NOEL for reproductive performance of the female rats: 1000 mg/kg bw/day

NOEL for F1 Offspring: 1000 mg/kg bw/day

The result of the OECD 421 Reproduction/Developmental Toxicity Screening Test shows that the test substance is not toxic after repeated application at the limit dose concentration and supports the findings in a subacute study with dibismuth trisulfide and in a 14 day range study.

 

Conclusion

Summing up the repeated toxicity studies the endpoint for repeated dose toxicity is covered and no further testing is required especially as no effects at all were noted up to the limit dose in all tests at hand.

Justification for selection of repeated dose toxicity via oral route - systemic effects endpoint:
No study with dibismuth trisulphide is available. Since bismuth and dibismuth trisulfide are both almost insoluble inorganic compounds and exhibit comparable properties the most reliable study from bismuth were used for read-across. This value is also supported by an OECD 421 study with dibismuth trisulfide (see reproduction toxicity).

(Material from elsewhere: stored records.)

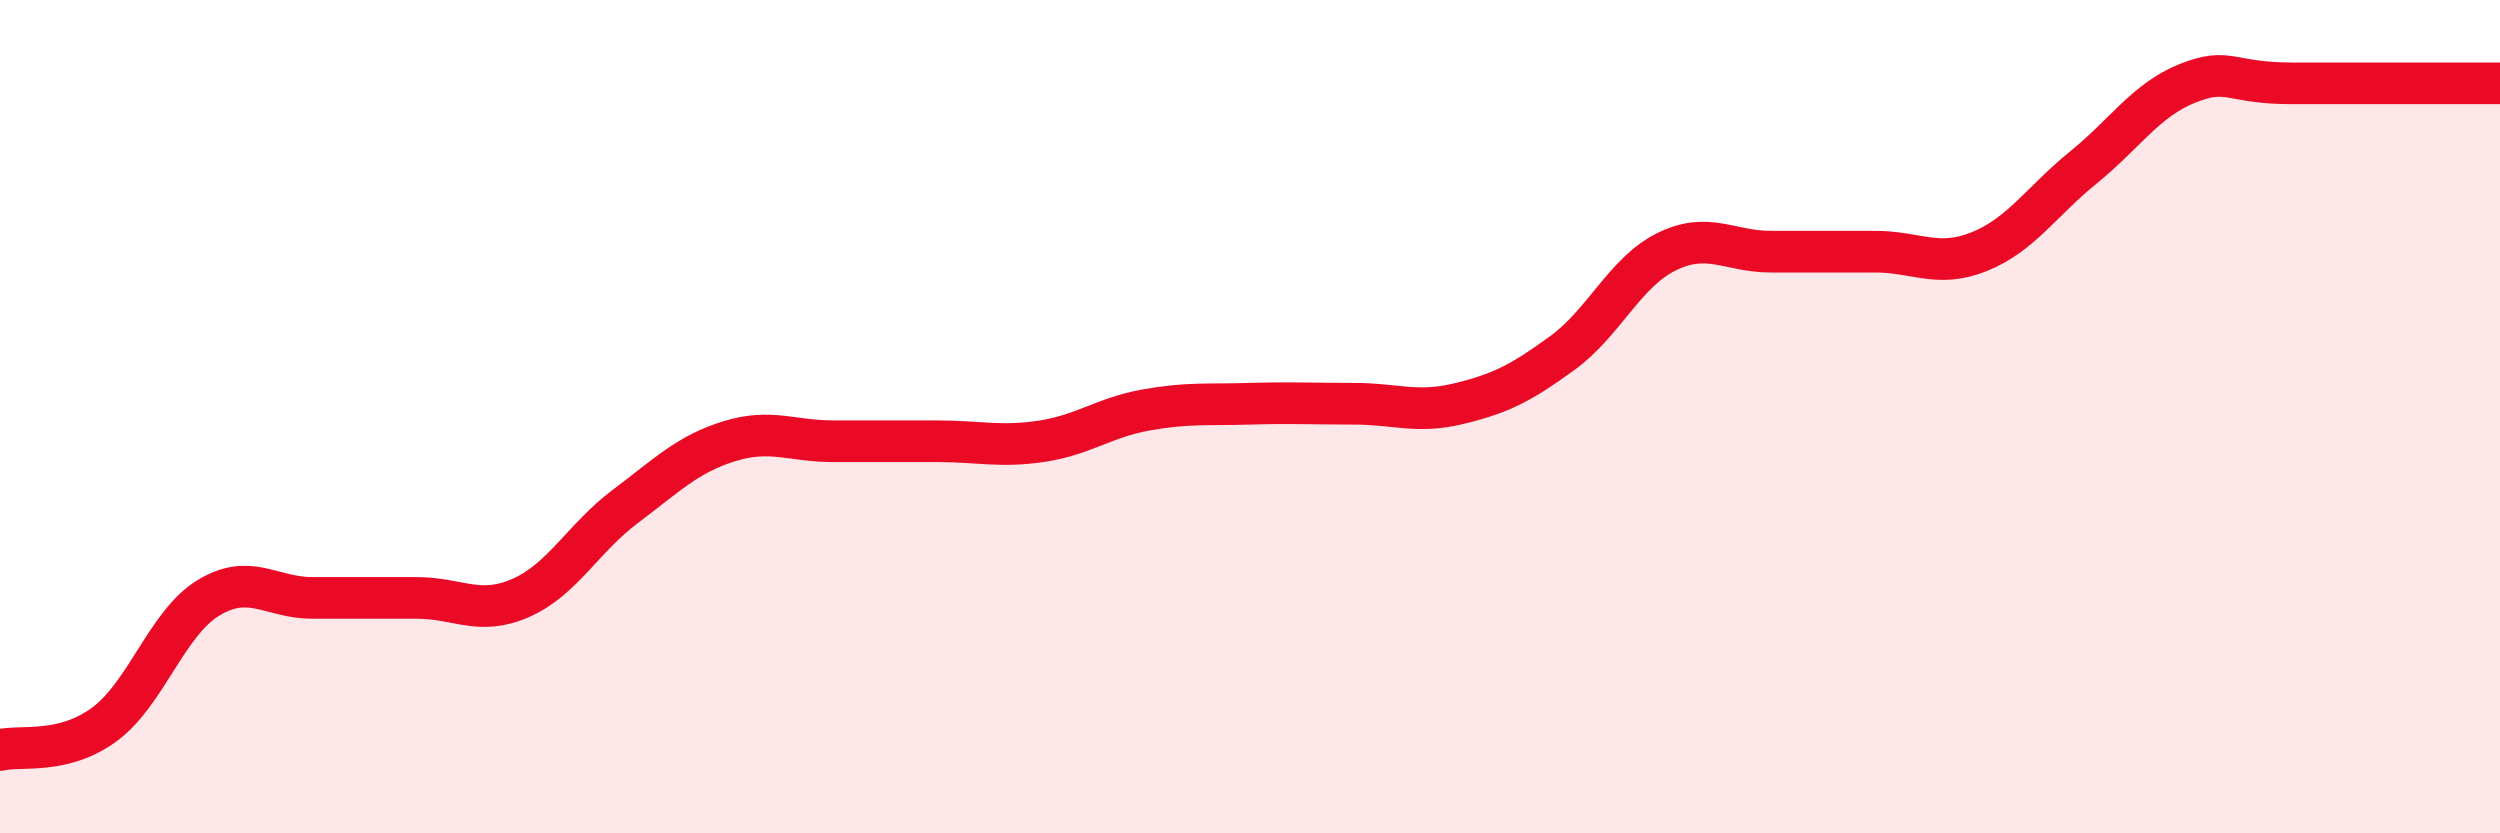 
    <svg width="60" height="20" viewBox="0 0 60 20" xmlns="http://www.w3.org/2000/svg">
      <path
        d="M 0,18 C 0.5,17.88 1.5,18.12 2.5,17.39 C 3.5,16.66 4,14.96 5,14.35 C 6,13.74 6.5,14.35 7.5,14.35 C 8.5,14.35 9,14.35 10,14.35 C 11,14.35 11.5,14.79 12.5,14.35 C 13.5,13.91 14,12.91 15,12.16 C 16,11.41 16.5,10.9 17.5,10.59 C 18.5,10.28 19,10.59 20,10.59 C 21,10.59 21.5,10.59 22.5,10.59 C 23.5,10.59 24,10.74 25,10.59 C 26,10.44 26.5,10.02 27.5,9.84 C 28.5,9.66 29,9.72 30,9.69 C 31,9.66 31.5,9.69 32.5,9.69 C 33.5,9.69 34,9.93 35,9.69 C 36,9.45 36.5,9.2 37.5,8.47 C 38.5,7.74 39,6.53 40,6.04 C 41,5.55 41.5,6.04 42.5,6.04 C 43.5,6.04 44,6.04 45,6.04 C 46,6.04 46.5,6.44 47.5,6.04 C 48.5,5.64 49,4.83 50,4.02 C 51,3.21 51.5,2.4 52.5,2 C 53.5,1.6 53.5,2 55,2 C 56.5,2 59,2 60,2L60 20L0 20Z"
        fill="#EB0A25"
        opacity="0.1"
        stroke-linecap="round"
        stroke-linejoin="round"
      />
      <path
        d="M 0,18 C 0.5,17.88 1.5,18.12 2.5,17.39 C 3.5,16.66 4,14.96 5,14.35 C 6,13.74 6.5,14.35 7.5,14.35 C 8.5,14.35 9,14.35 10,14.35 C 11,14.35 11.5,14.79 12.5,14.35 C 13.5,13.91 14,12.91 15,12.16 C 16,11.41 16.5,10.9 17.5,10.59 C 18.5,10.28 19,10.59 20,10.59 C 21,10.59 21.5,10.59 22.5,10.59 C 23.5,10.59 24,10.74 25,10.59 C 26,10.44 26.5,10.02 27.5,9.84 C 28.5,9.66 29,9.72 30,9.69 C 31,9.66 31.5,9.69 32.5,9.69 C 33.5,9.69 34,9.93 35,9.69 C 36,9.45 36.5,9.2 37.5,8.47 C 38.5,7.74 39,6.53 40,6.04 C 41,5.55 41.5,6.04 42.5,6.04 C 43.5,6.04 44,6.04 45,6.04 C 46,6.04 46.5,6.44 47.5,6.04 C 48.5,5.64 49,4.83 50,4.02 C 51,3.21 51.5,2.4 52.5,2 C 53.5,1.6 53.5,2 55,2 C 56.5,2 59,2 60,2"
        stroke="#EB0A25"
        stroke-width="1"
        fill="none"
        stroke-linecap="round"
        stroke-linejoin="round"
      />
    </svg>
  
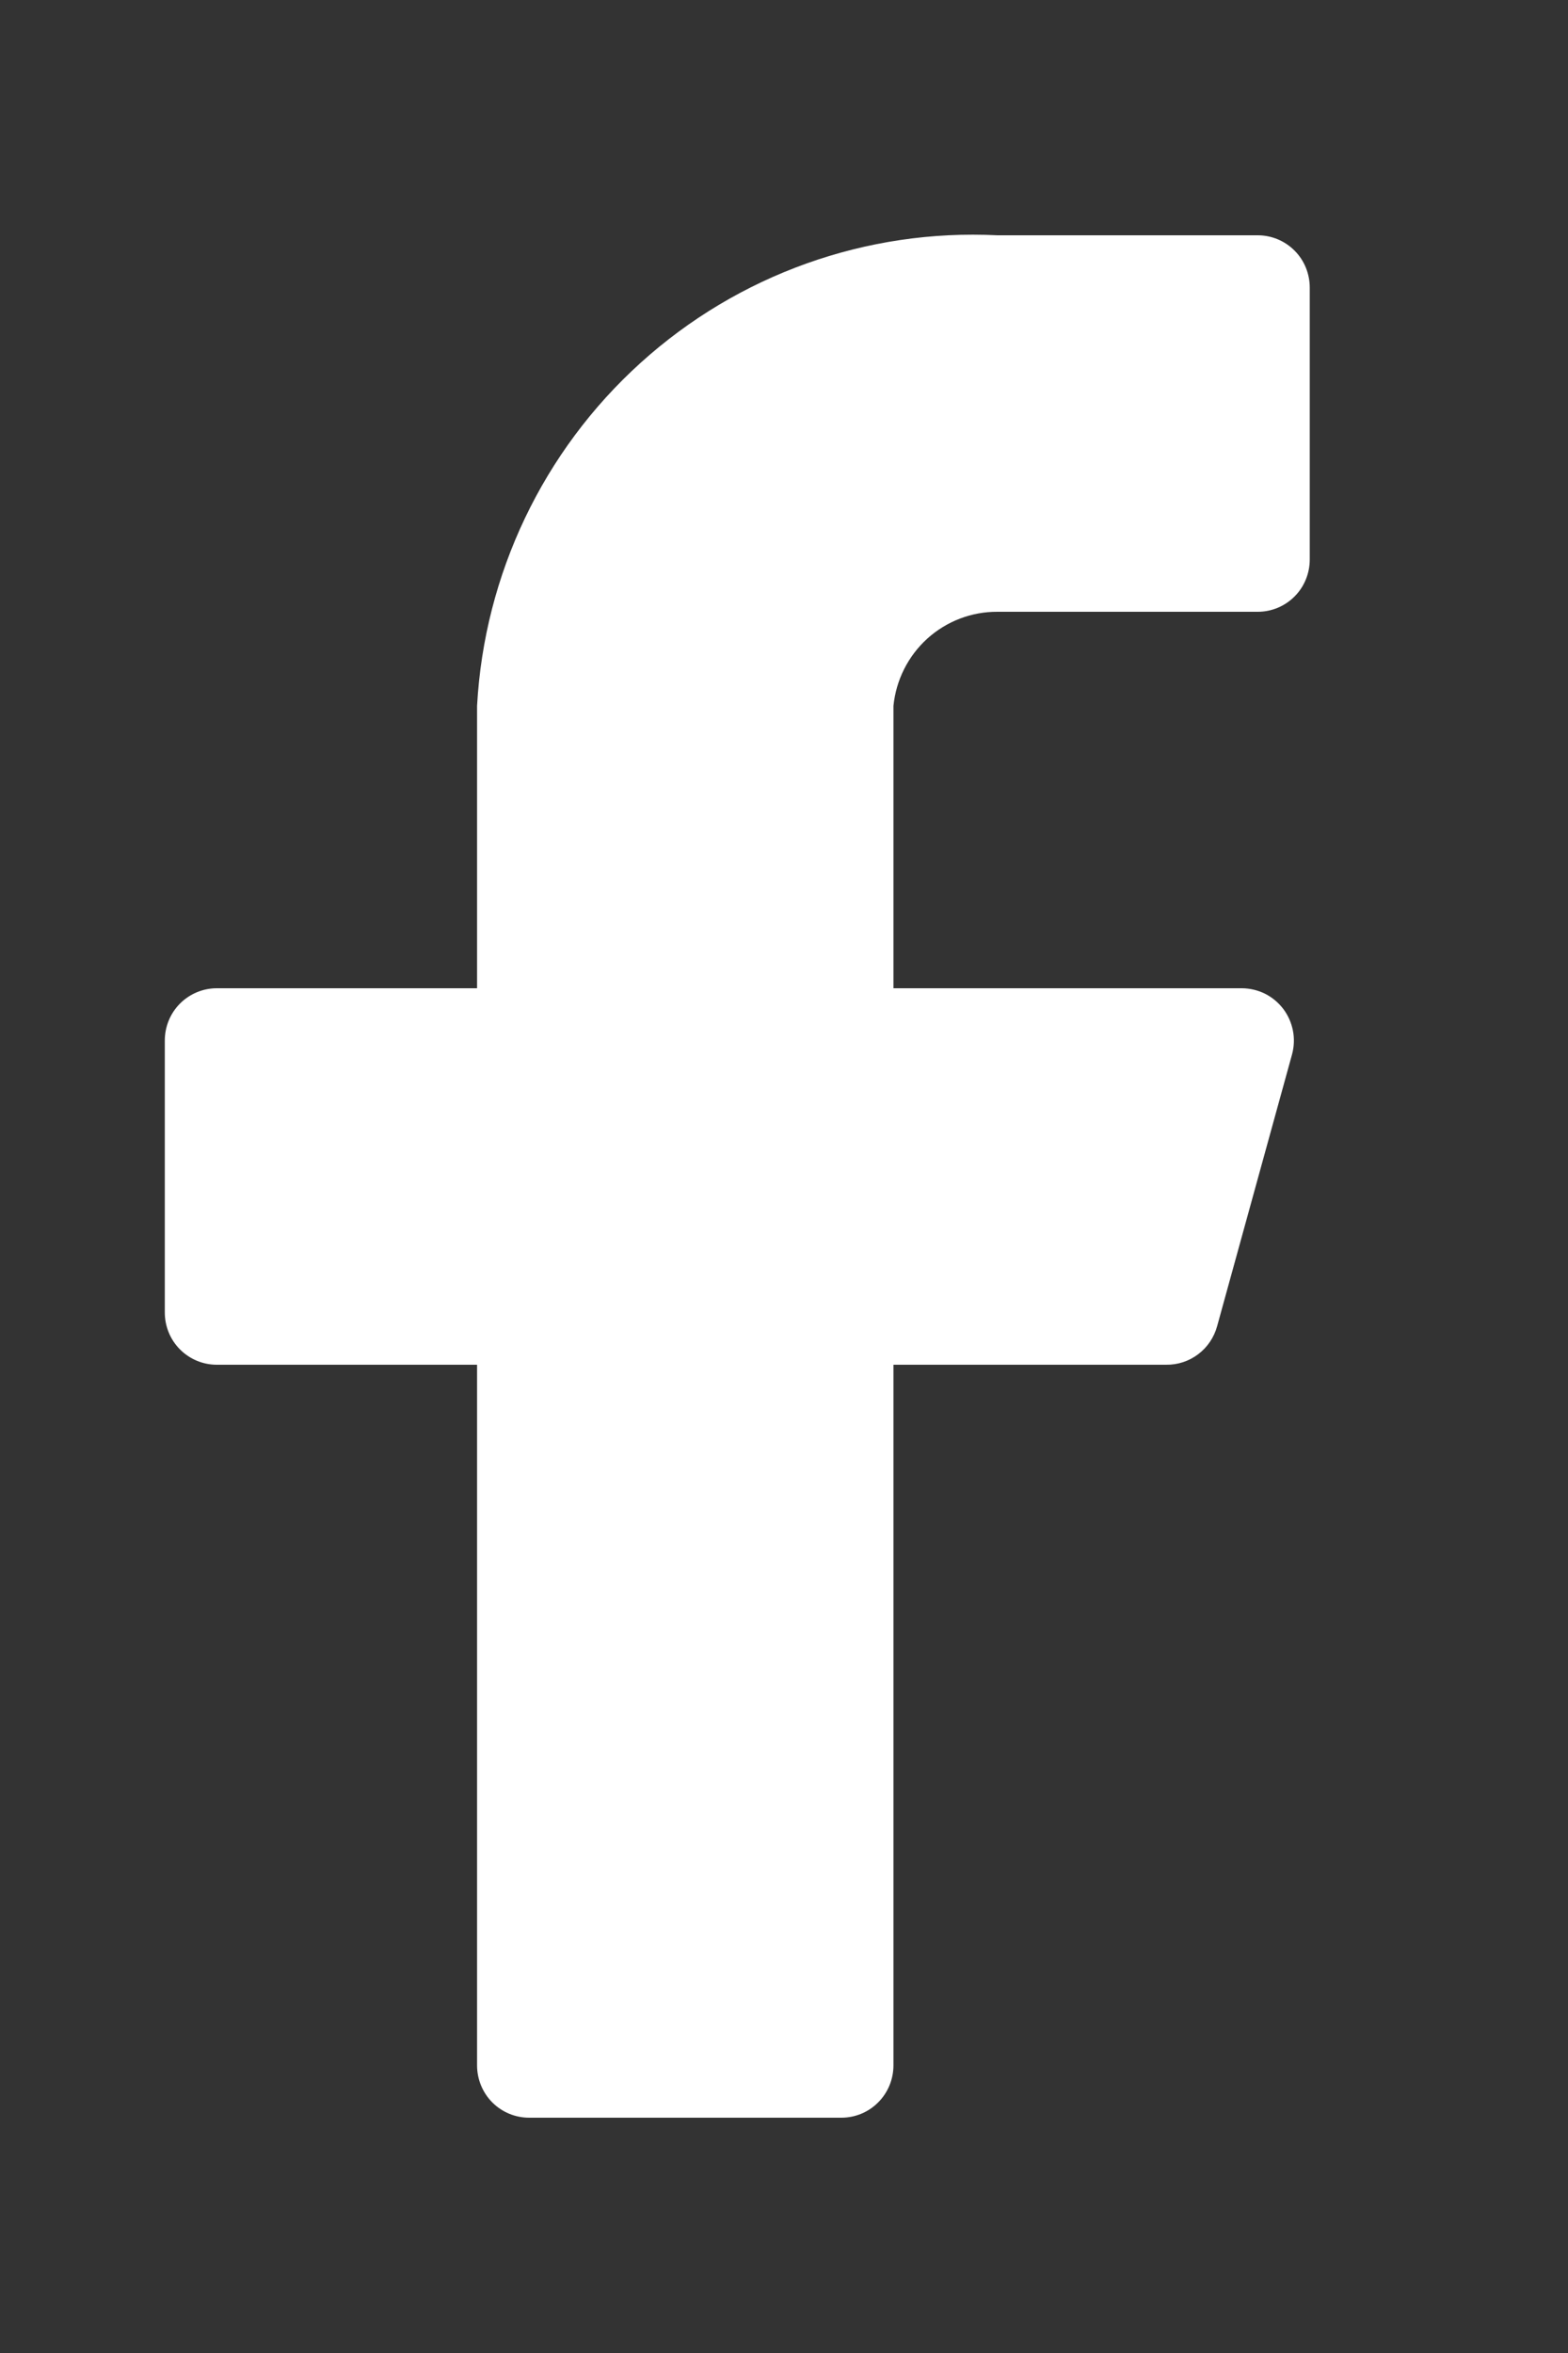 <svg width="20" height="30" viewBox="0 0 20 30" fill="none" xmlns="http://www.w3.org/2000/svg">
<rect x="0" y="0" width="20" height="30" fill="#333333" stroke="none"/>
<g id="&#240;&#159;&#166;&#134; icon &#34;facebook icon&#34;">
<path id="Vector" d="M16.706 3.667C16.706 3.49 16.637 3.32 16.512 3.195C16.387 3.07 16.219 3 16.043 3H12.723C11.052 2.916 9.415 3.501 8.172 4.625C6.928 5.749 6.177 7.322 6.085 9V12.6H2.765C2.589 12.6 2.421 12.67 2.296 12.795C2.171 12.92 2.102 13.09 2.102 13.267V16.733C2.102 16.91 2.171 17.08 2.296 17.205C2.421 17.33 2.589 17.4 2.765 17.4H6.085V26.333C6.085 26.51 6.155 26.68 6.279 26.805C6.404 26.93 6.572 27 6.749 27H10.732C10.908 27 11.077 26.93 11.201 26.805C11.326 26.68 11.396 26.51 11.396 26.333V17.4H14.874C15.022 17.402 15.166 17.355 15.284 17.265C15.402 17.176 15.486 17.05 15.525 16.907L16.481 13.44C16.507 13.342 16.511 13.238 16.491 13.138C16.471 13.038 16.429 12.944 16.368 12.863C16.306 12.782 16.227 12.716 16.136 12.67C16.045 12.625 15.945 12.601 15.843 12.6H11.396V9C11.429 8.67 11.583 8.364 11.828 8.142C12.074 7.92 12.393 7.798 12.723 7.8H16.043C16.219 7.8 16.387 7.73 16.512 7.605C16.637 7.48 16.706 7.31 16.706 7.133V3.667Z" fill="white"/>
</g>
</svg>

Justification for selection of repeated dose toxicity inhalation - systemic effects endpoint:
In accordance with column 2 of REACH Regulation EC (No) 1907/2006 Annex IX, section 8.6, the test repeated dose toxicity after inhalation does not need to be conducted as a repeated dose toxicity study for oral application is available.

Justification for selection of repeated dose toxicity inhalation - local effects endpoint:
In accordance with column 2 of REACH Regulation EC (No) 1907/2006 Annex IX, section 8.6, the test repeated dose toxicity after inhalation does not need to be conducted as a repeated dose toxicity study for oral application is available.

Justification for selection of repeated dose toxicity dermal - systemic effects endpoint:
In accordance with column 2 of REACH Regulation EC (No) 1907/2006 Annex IX, section 8.6, the test repeated dose toxicity after dermal application does not need to be conducted as repeated dose toxicity studies for oral application are available.

Justification for selection of repeated dose toxicity dermal - local effects endpoint:
In accordance with column 2 of REACH Regulation EC (No) 1907/2006 Annex IX, section 8.6, the test repeated dose toxicity after dermal application does not need to be conducted as repeated dose toxicity studies for oral application are available. In addition, acute tests give us indication at all that the test substance might cause local effects at dermal contact.

Justification for classification or non-classification

According to the results of a repeated oral dose toxicity study, no classification and labelling is required according to Regulation No (EC) 1272/2008 (CLP) or Directive 67/548/EEC (DSD) criteria.